_SUPPLIED ENTRIES_:
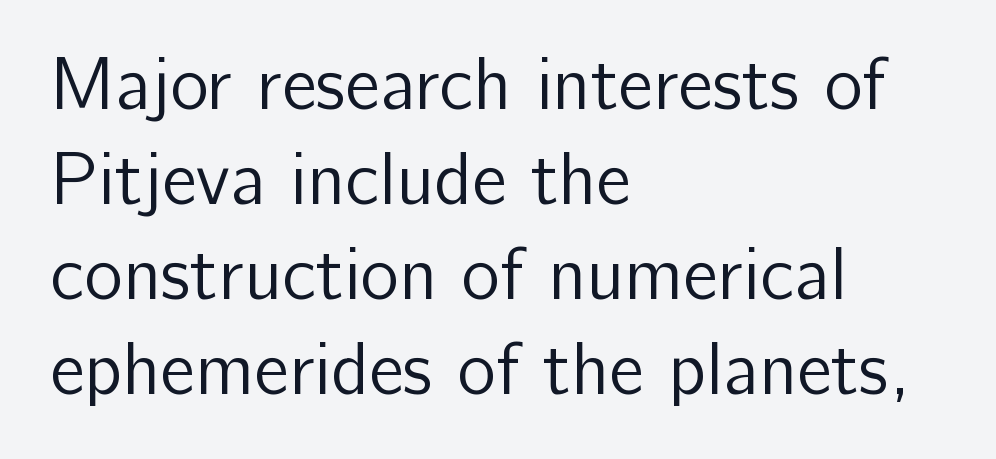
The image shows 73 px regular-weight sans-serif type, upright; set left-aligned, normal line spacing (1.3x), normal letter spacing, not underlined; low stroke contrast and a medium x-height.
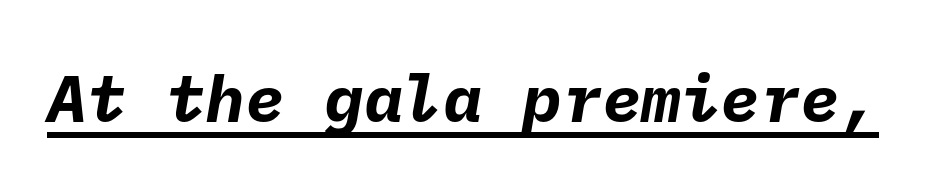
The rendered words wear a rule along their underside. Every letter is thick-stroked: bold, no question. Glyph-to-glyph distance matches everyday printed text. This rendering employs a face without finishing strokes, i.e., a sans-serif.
--
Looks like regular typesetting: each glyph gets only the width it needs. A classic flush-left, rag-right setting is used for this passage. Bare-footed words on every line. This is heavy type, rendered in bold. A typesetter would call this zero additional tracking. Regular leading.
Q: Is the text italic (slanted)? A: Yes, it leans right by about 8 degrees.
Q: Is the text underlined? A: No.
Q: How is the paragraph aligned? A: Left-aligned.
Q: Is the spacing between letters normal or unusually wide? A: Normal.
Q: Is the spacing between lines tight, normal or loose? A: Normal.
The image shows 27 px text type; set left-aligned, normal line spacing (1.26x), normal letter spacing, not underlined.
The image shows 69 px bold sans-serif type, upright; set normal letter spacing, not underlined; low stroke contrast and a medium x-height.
* * *
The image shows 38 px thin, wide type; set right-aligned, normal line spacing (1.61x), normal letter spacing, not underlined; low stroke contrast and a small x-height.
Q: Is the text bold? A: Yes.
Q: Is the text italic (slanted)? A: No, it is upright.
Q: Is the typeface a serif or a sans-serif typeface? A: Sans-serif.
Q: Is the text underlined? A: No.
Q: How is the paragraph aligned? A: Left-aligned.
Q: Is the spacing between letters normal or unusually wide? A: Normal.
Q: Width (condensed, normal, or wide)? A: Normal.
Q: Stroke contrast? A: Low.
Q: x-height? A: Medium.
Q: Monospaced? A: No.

_EXERCISE GOAL_: Each line in the entries above that includes the string "wide" should be extracted.

_REPLY_:
Q: Is the spacing between letters normal or unusually wide? A: Normal.
The image shows 38 px thin, wide type; set right-aligned, normal line spacing (1.61x), normal letter spacing, not underlined; low stroke contrast and a small x-height.
Q: Is the spacing between letters normal or unusually wide? A: Normal.
Q: Width (condensed, normal, or wide)? A: Normal.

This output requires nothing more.